Feel free to extend this analysis by exploring additional features or visualizations.

In [None]:
# Add the cluster labels to the original dataframe for further interpretation
df['cluster'] = cluster_labels

# Display summary statistics for numeric features in each cluster
for cluster in range(optimal_k):
    print(f"\nSummary statistics for Cluster {cluster}:")
    display(df[df['cluster'] == cluster][numeric_cols].describe())

# Examine the distribution of the target variable 'y' in each cluster
for cluster in range(optimal_k):
    print(f"\nTarget variable distribution in Cluster {cluster}:")
    print(df[df['cluster'] == cluster]['y'].value_counts())
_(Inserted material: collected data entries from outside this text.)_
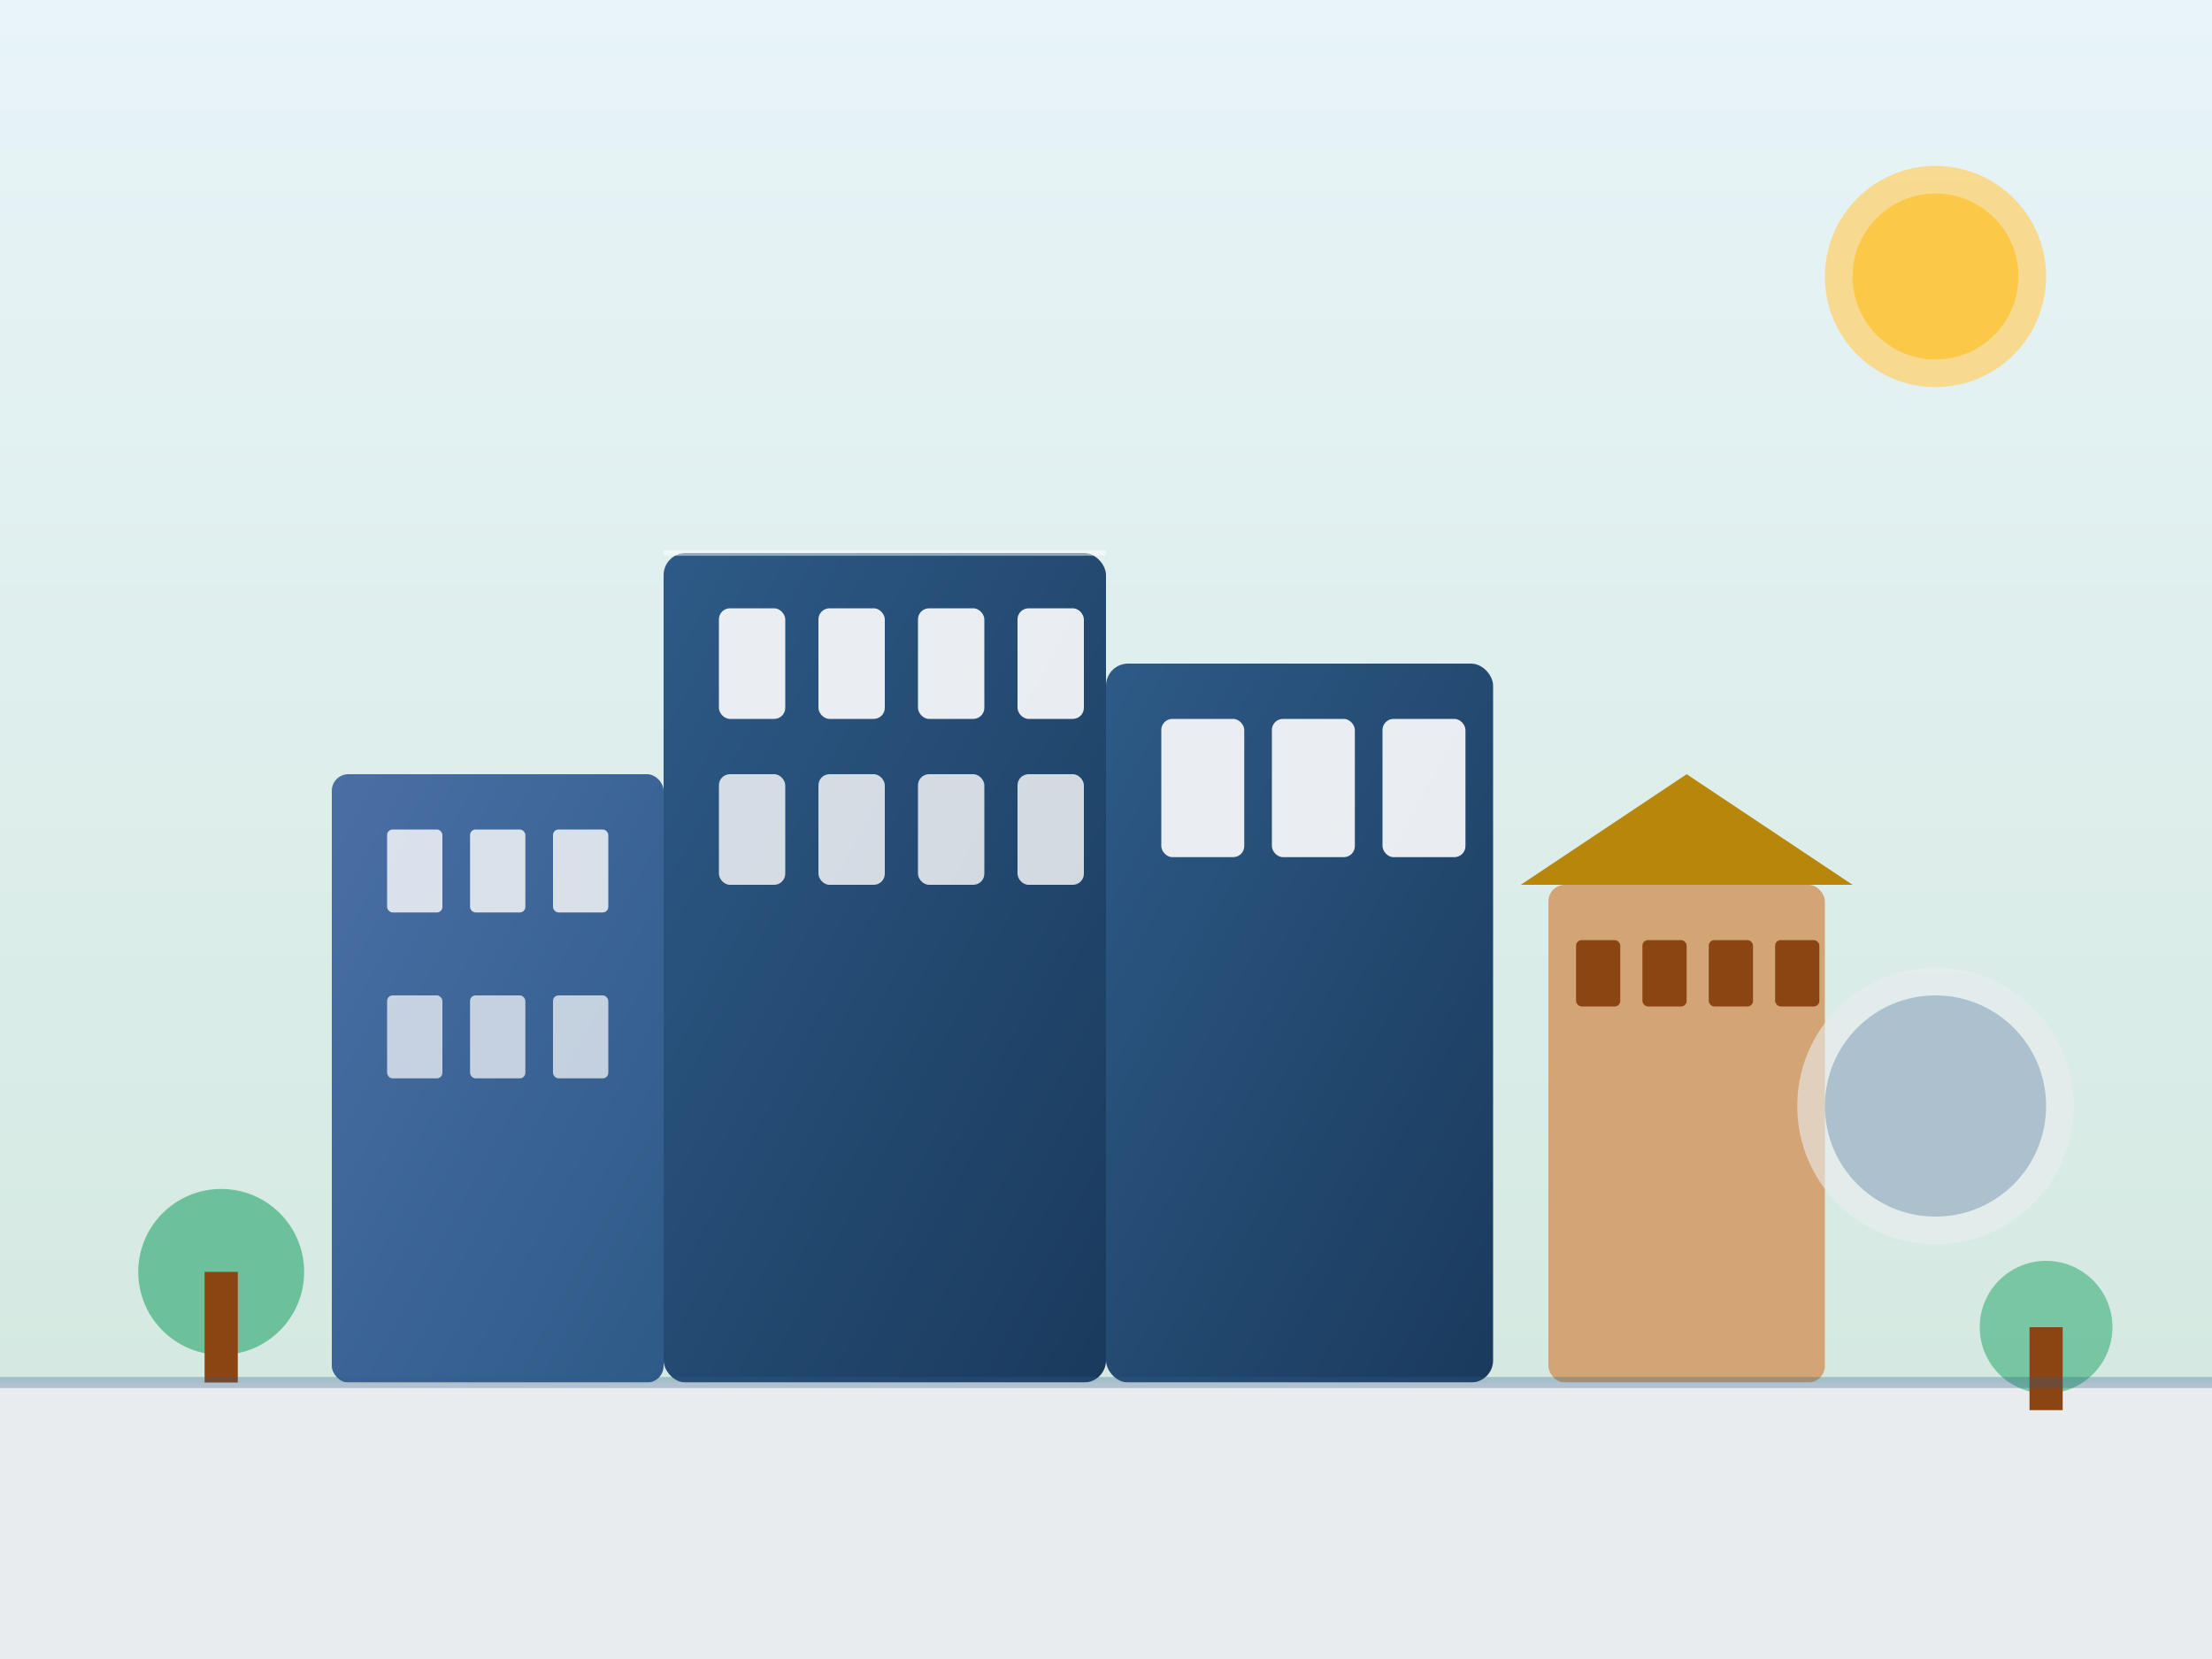 <svg width="400" height="300" viewBox="0 0 400 300" fill="none" xmlns="http://www.w3.org/2000/svg">
  <rect x="0" y="0" width="400" height="300" fill="#808080" stroke="none"/>
  <!-- Hero Section Architecture Illustration -->
  <defs>
    <linearGradient id="buildingGrad1" x1="0%" y1="0%" x2="100%" y2="100%">
      <stop offset="0%" style="stop-color:#2D5A87"/>
      <stop offset="100%" style="stop-color:#1a3a5c"/>
    </linearGradient>
    <linearGradient id="buildingGrad2" x1="0%" y1="0%" x2="100%" y2="100%">
      <stop offset="0%" style="stop-color:#4a6fa5"/>
      <stop offset="100%" style="stop-color:#2D5A87"/>
    </linearGradient>
    <linearGradient id="skyGrad" x1="0%" y1="0%" x2="0%" y2="100%">
      <stop offset="0%" style="stop-color:#e8f4f8"/>
      <stop offset="100%" style="stop-color:#d1e7dd"/>
    </linearGradient>
  </defs>
  
  <!-- Background Sky -->
  <rect width="400" height="300" fill="url(#skyGrad)"/>
  
  <!-- Main Building (Modern Spanish Architecture) -->
  <rect x="120" y="100" width="80" height="150" fill="url(#buildingGrad1)" rx="4"/>
  
  <!-- Building Details -->
  <rect x="130" y="110" width="12" height="20" fill="#ffffff" opacity="0.9" rx="2"/>
  <rect x="148" y="110" width="12" height="20" fill="#ffffff" opacity="0.9" rx="2"/>
  <rect x="166" y="110" width="12" height="20" fill="#ffffff" opacity="0.9" rx="2"/>
  <rect x="184" y="110" width="12" height="20" fill="#ffffff" opacity="0.9" rx="2"/>
  
  <rect x="130" y="140" width="12" height="20" fill="#ffffff" opacity="0.8" rx="2"/>
  <rect x="148" y="140" width="12" height="20" fill="#ffffff" opacity="0.8" rx="2"/>
  <rect x="166" y="140" width="12" height="20" fill="#ffffff" opacity="0.8" rx="2"/>
  <rect x="184" y="140" width="12" height="20" fill="#ffffff" opacity="0.8" rx="2"/>
  
  <!-- Secondary Building -->
  <rect x="60" y="140" width="60" height="110" fill="url(#buildingGrad2)" rx="3"/>
  
  <!-- Secondary Building Windows -->
  <rect x="70" y="150" width="10" height="15" fill="#ffffff" opacity="0.8" rx="1"/>
  <rect x="85" y="150" width="10" height="15" fill="#ffffff" opacity="0.8" rx="1"/>
  <rect x="100" y="150" width="10" height="15" fill="#ffffff" opacity="0.8" rx="1"/>
  
  <rect x="70" y="180" width="10" height="15" fill="#ffffff" opacity="0.7" rx="1"/>
  <rect x="85" y="180" width="10" height="15" fill="#ffffff" opacity="0.7" rx="1"/>
  <rect x="100" y="180" width="10" height="15" fill="#ffffff" opacity="0.7" rx="1"/>
  
  <!-- Third Building (Right Side) -->
  <rect x="200" y="120" width="70" height="130" fill="url(#buildingGrad1)" rx="4"/>
  
  <!-- Third Building Details -->
  <rect x="210" y="130" width="15" height="25" fill="#ffffff" opacity="0.9" rx="2"/>
  <rect x="230" y="130" width="15" height="25" fill="#ffffff" opacity="0.9" rx="2"/>
  <rect x="250" y="130" width="15" height="25" fill="#ffffff" opacity="0.9" rx="2"/>
  
  <!-- Traditional Spanish Architectural Elements -->
  <rect x="280" y="160" width="50" height="90" fill="#d4a574" rx="3"/>
  <rect x="285" y="170" width="8" height="12" fill="#8B4513" rx="1"/>
  <rect x="297" y="170" width="8" height="12" fill="#8B4513" rx="1"/>
  <rect x="309" y="170" width="8" height="12" fill="#8B4513" rx="1"/>
  <rect x="321" y="170" width="8" height="12" fill="#8B4513" rx="1"/>
  
  <!-- Traditional Roof -->
  <path d="M275 160 L305 140 L335 160 Z" fill="#B8860B"/>
  
  <!-- Small Architectural Details -->
  <circle cx="350" cy="200" r="25" fill="#e9ecef" opacity="0.6"/>
  <circle cx="350" cy="200" r="20" fill="#2D5A87" opacity="0.3"/>
  
  <!-- Ground Level -->
  <rect x="0" y="250" width="400" height="50" fill="#e9ecef"/>
  
  <!-- Trees/Landscaping -->
  <circle cx="40" cy="230" r="15" fill="#52b788" opacity="0.8"/>
  <rect x="37" y="230" width="6" height="20" fill="#8B4513"/>
  
  <circle cx="370" cy="240" r="12" fill="#52b788" opacity="0.7"/>
  <rect x="367" y="240" width="6" height="15" fill="#8B4513"/>
  
  <!-- Decorative Architectural Lines -->
  <line x1="0" y1="250" x2="400" y2="250" stroke="#2D5A87" stroke-width="2" opacity="0.3"/>
  <line x1="120" y1="100" x2="200" y2="100" stroke="#ffffff" stroke-width="1" opacity="0.5"/>
  
  <!-- Sun/Light Element -->
  <circle cx="350" cy="50" r="20" fill="#ffd166" opacity="0.7"/>
  <circle cx="350" cy="50" r="15" fill="#ffb700" opacity="0.5"/>
</svg>

## Discussion and Reflection

- The **elbow method** and **silhouette scores** helped us choose an appropriate number of clusters (in this example, we selected 3).
- The **PCA visualization** shows that while clusters are reasonably separated in a 2D projection, some overlap still exists. This is expected when reducing high-dimensional data to 2 dimensions.
- The **cluster summaries** and the target variable distributions provide insights into how different customer segments behave. For example, one cluster might have a higher proportion of customers who subscribe to term deposits.
- In a real-world scenario, you could further refine this analysis by experimenting with other clustering techniques, adjusting preprocessing steps, or incorporating domain knowledge to interpret the clusters.

### Final Thoughts

Customer segmentation can drive targeted marketing strategies and help improve campaign efficiency. However, it is important to remember that unsupervised clustering may require iterative tuning and expert interpretation to yield actionable insights.